Suppose that we introduce some rational $\alpha =p∕q(q>0)$ in this sequence, where $\alpha >\xi$ and $\alpha \ne r_j$ for all $j$. Assume, for the sake of contradiction, that this new sequence is also an approximating sequence.

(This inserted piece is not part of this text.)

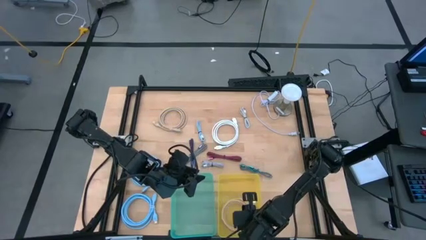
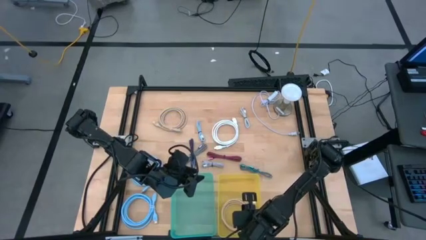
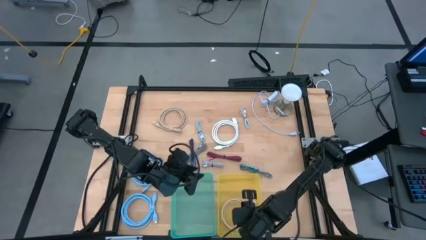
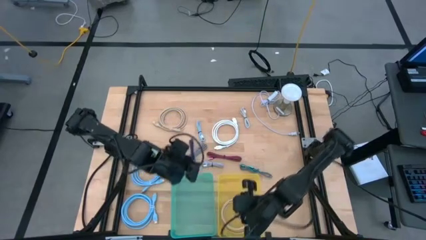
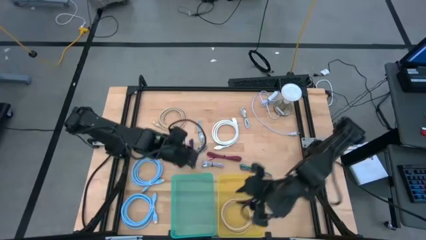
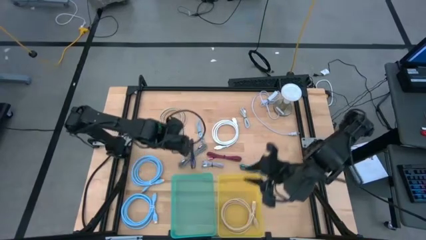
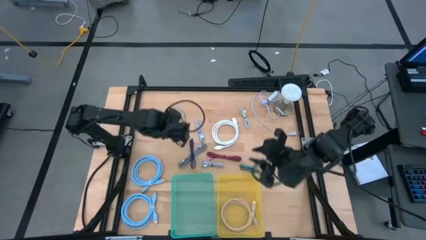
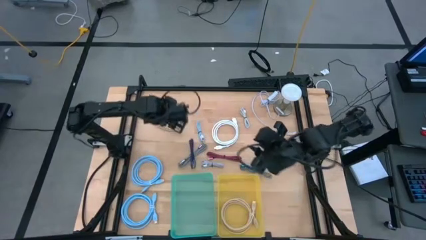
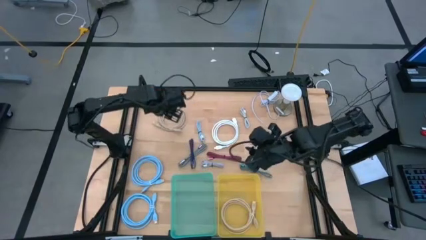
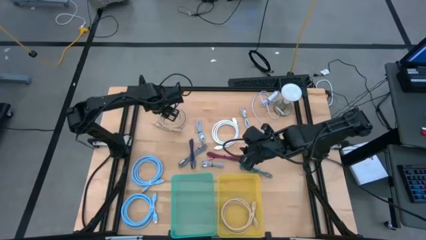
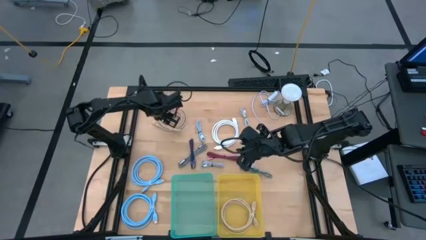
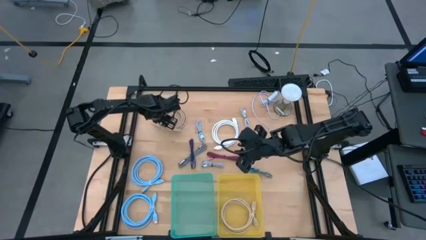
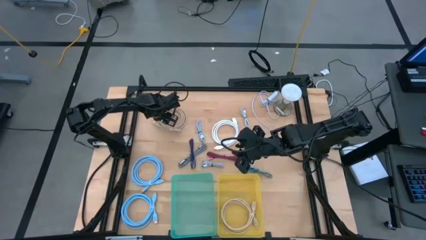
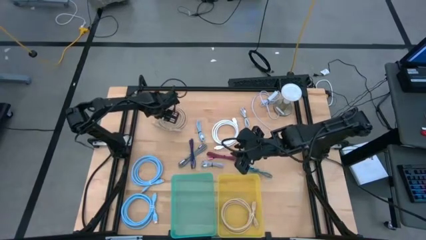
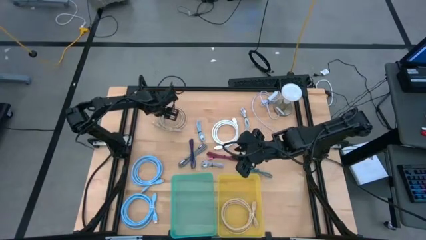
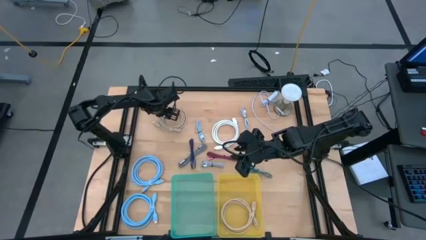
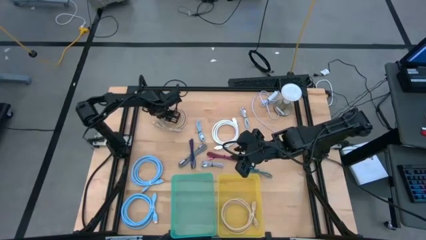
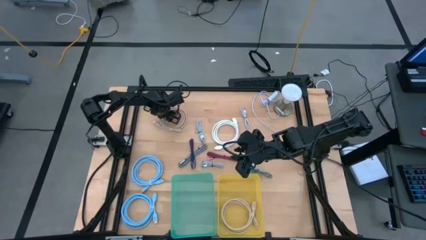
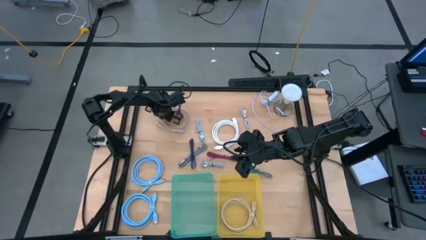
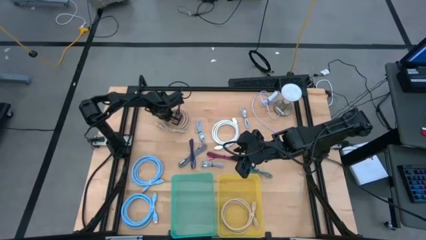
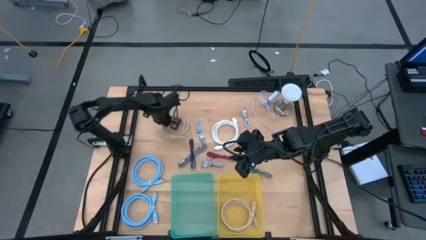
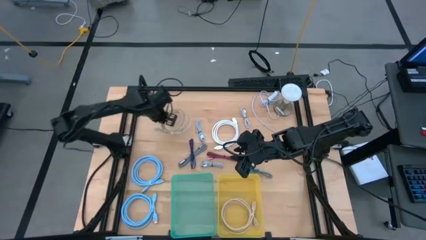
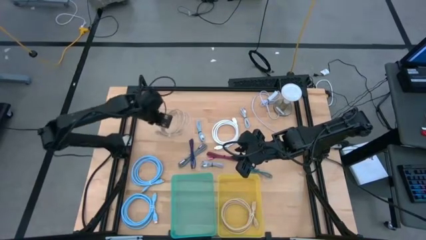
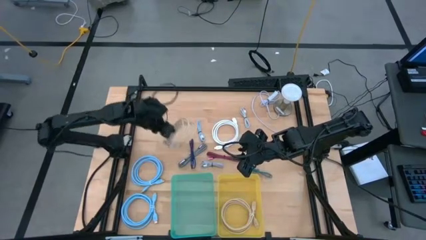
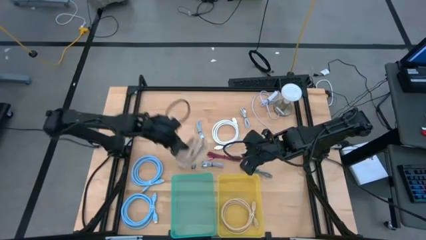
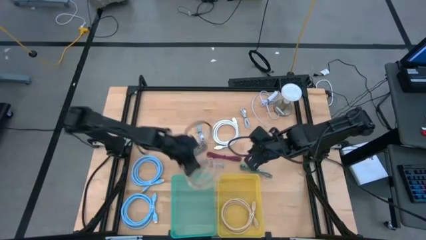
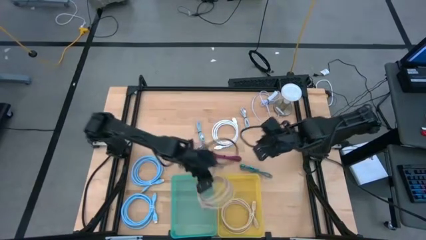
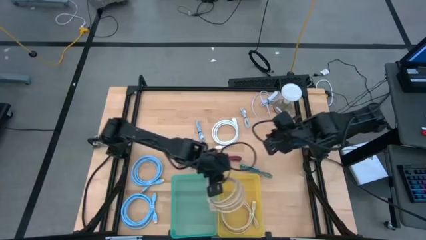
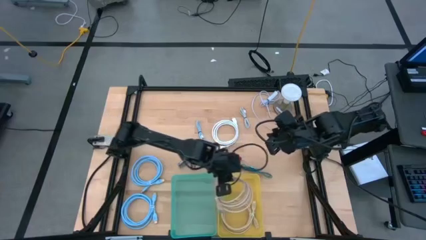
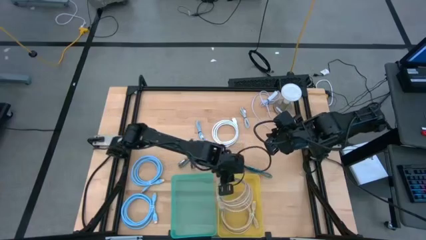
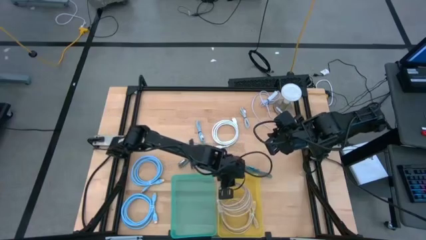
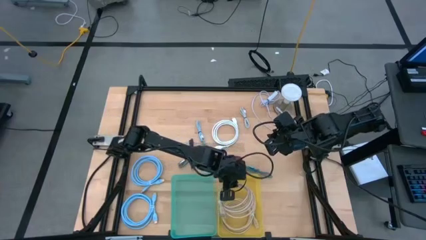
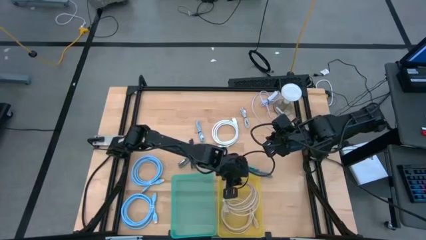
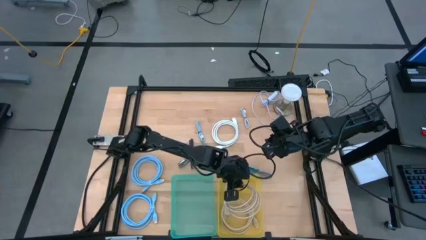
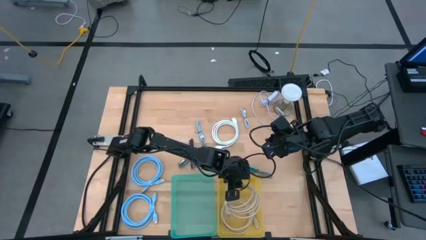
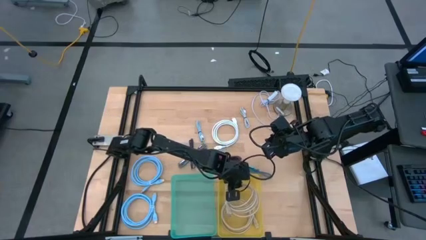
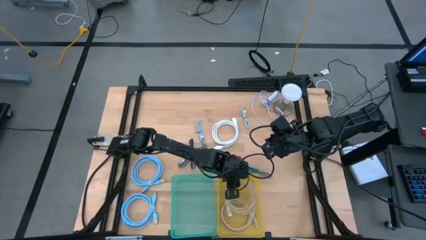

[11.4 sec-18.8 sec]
Task: Pick & Place USB Port
Put the brown HDMI cable into the yellow bin

Since $r_1=(a_0+1)∕1$ and since the sequence of denominators is strictly increasing, $p∕q>a_0+1$ is impossible (otherwise $0<q<1$), thus $\xi <\alpha <a_0+1$. Therefore, there is some integer $n\ge 0$ and some integer $j$ ( $0\le j<a_{n+2})$ such that

$$\begin{array}{lll}\hfill \frac{h_n+j{h}_{n+1}}{k_n+j{k}_{n+1}}>\frac{p}{q}>\frac{h_n+(j+1)h_{n+1}}{k_n+(j+1)k_{n+1}},k_n+j{k}_{n+1}<q<k_n+(j+1)k_{n+1}.& & \hfill \text{(21)}\end{array}$$

The remainder of the proof is similar, so ${(r_j)}_{j\in {\mathbb{N}}^{\text{∗}}}$ is a maximal approximating sequence.